Kathleen M. Clark (The Florida State University) and Clemency Montelle (University of Canterbury)

It may come as a surprise to many that often times mathematical concepts don't end up like they started! For those of you who think mathematics is timeless, fixed, and full of unchanging truths, such a proposition may seem unbelievable. But there are many instances in the history of mathematics of the development of a mathematical concept way beyond the purposes and potentialities that its original inventors intended. An example that will be familiar to you all is the logarithm.

What is a logarithm? Ask a modern mathematician nowadays and you will get a very different answer from the one you might have got from a mathematician several centuries ago. Indeed, even the very first mathematicians who worked with the logarithmic relation would have given an explanation that would seem quite foreign to a modern mathematician. So how did the logarithmic relation come about, and how is it that the concept underwent so much change? We will address these questions by looking at the emergence of this concept, and examining some of the issues surrounding its origins.

In fact, the question of the origins of the logarithmic relation does not have a simple answer.
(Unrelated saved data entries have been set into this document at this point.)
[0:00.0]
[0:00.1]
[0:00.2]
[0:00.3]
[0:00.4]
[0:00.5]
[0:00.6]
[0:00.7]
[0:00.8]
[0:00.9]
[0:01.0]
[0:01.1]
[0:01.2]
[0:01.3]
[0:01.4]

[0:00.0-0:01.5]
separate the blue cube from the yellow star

At least two scholars, the Scottish baron John Napier (1550-1617) and Swiss craftsman Joost Bürgi (1552-1632), produced independently systems that embodied the logarithmic relation and, within years of one another, produced tables for its use. This parallel insight is fascinating and rich in historical detail, and it reveals some methodological challenges for historians of mathematics. In light of all this, we will examine the ideas of these two scholars, as well as explore how historians have portrayed this intricate situation and the questions it raises about mathematics.
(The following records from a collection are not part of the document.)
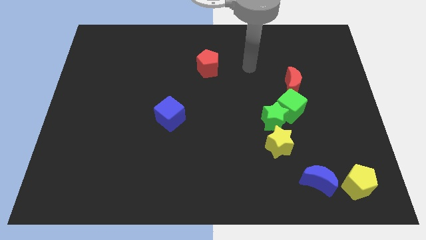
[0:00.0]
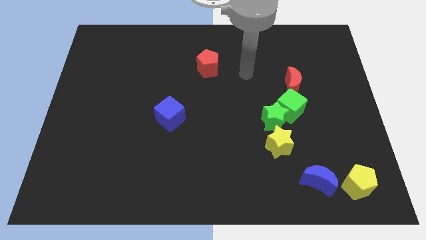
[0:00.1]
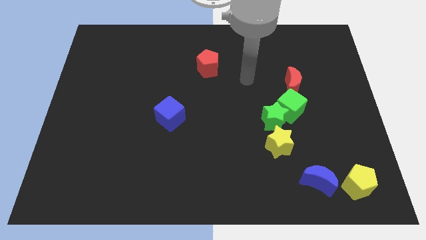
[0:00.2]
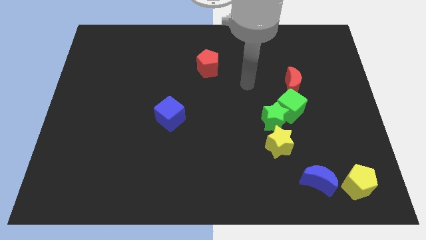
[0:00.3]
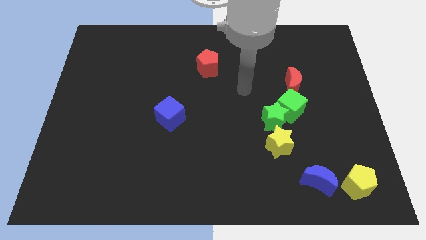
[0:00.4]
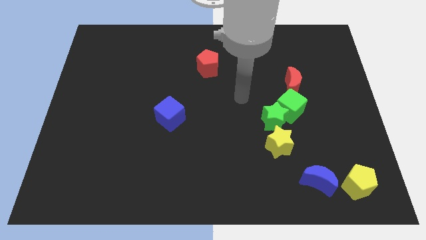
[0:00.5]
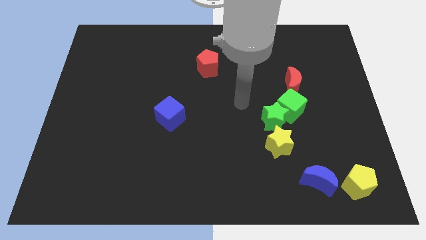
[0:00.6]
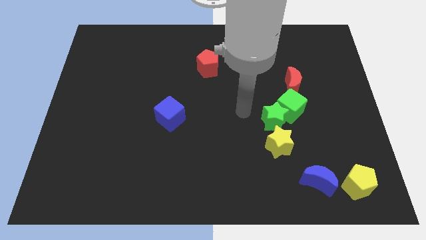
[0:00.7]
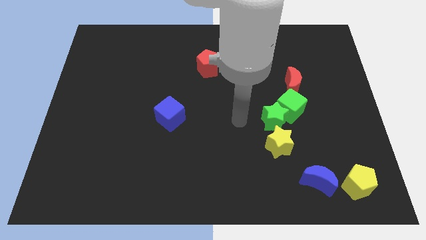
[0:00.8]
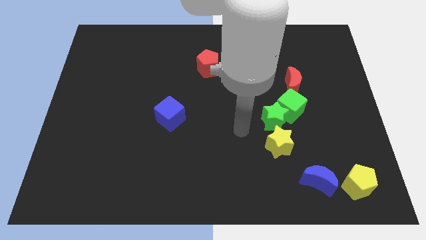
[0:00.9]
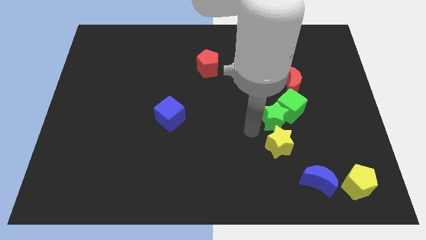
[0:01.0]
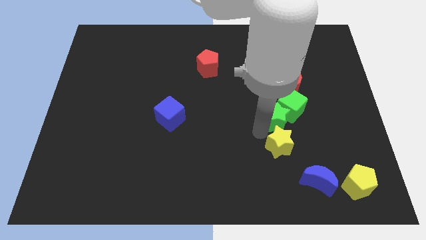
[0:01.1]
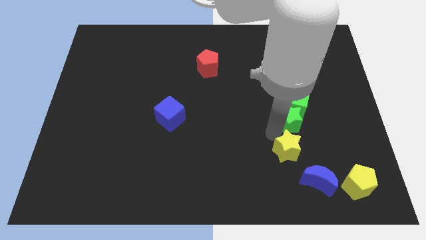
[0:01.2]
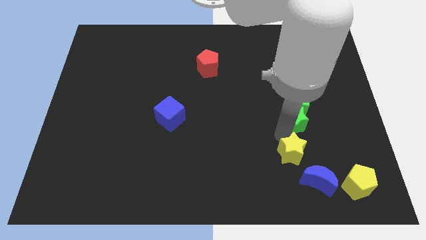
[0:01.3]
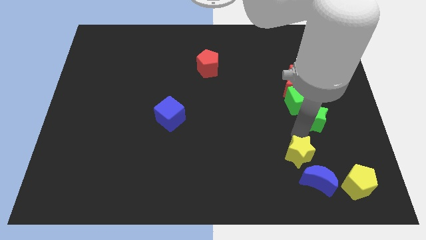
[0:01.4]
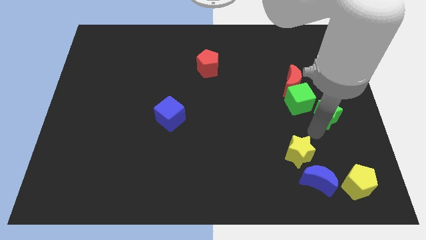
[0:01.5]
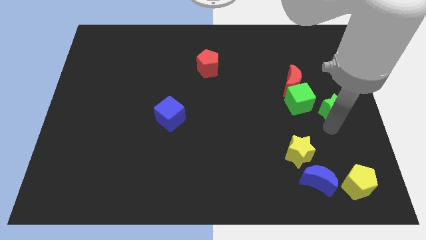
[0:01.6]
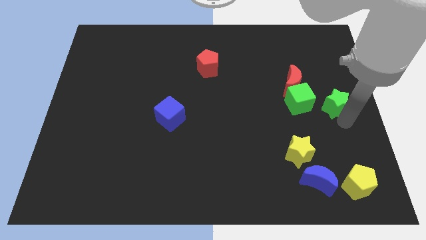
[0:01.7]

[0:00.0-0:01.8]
move the green star away from the green cube and yellow star

In large part, we intend to re-introduce teachers to a concept that is often taught without any reference to its original appearance on the mathematical scene. We hope that a close examination of Napier's and Bürgi's conceptions will enable teachers to consider alternative placement for introducing the idea of logarithms – as part of or after a unit on sequences. Furthermore, we provide in what follows mathematical and historical content, as well as student exercises, to promote the teaching of the logarithmic relation from its historical roots, which are firmly situated in simultaneous consideration of arithmetic and geometric sequences.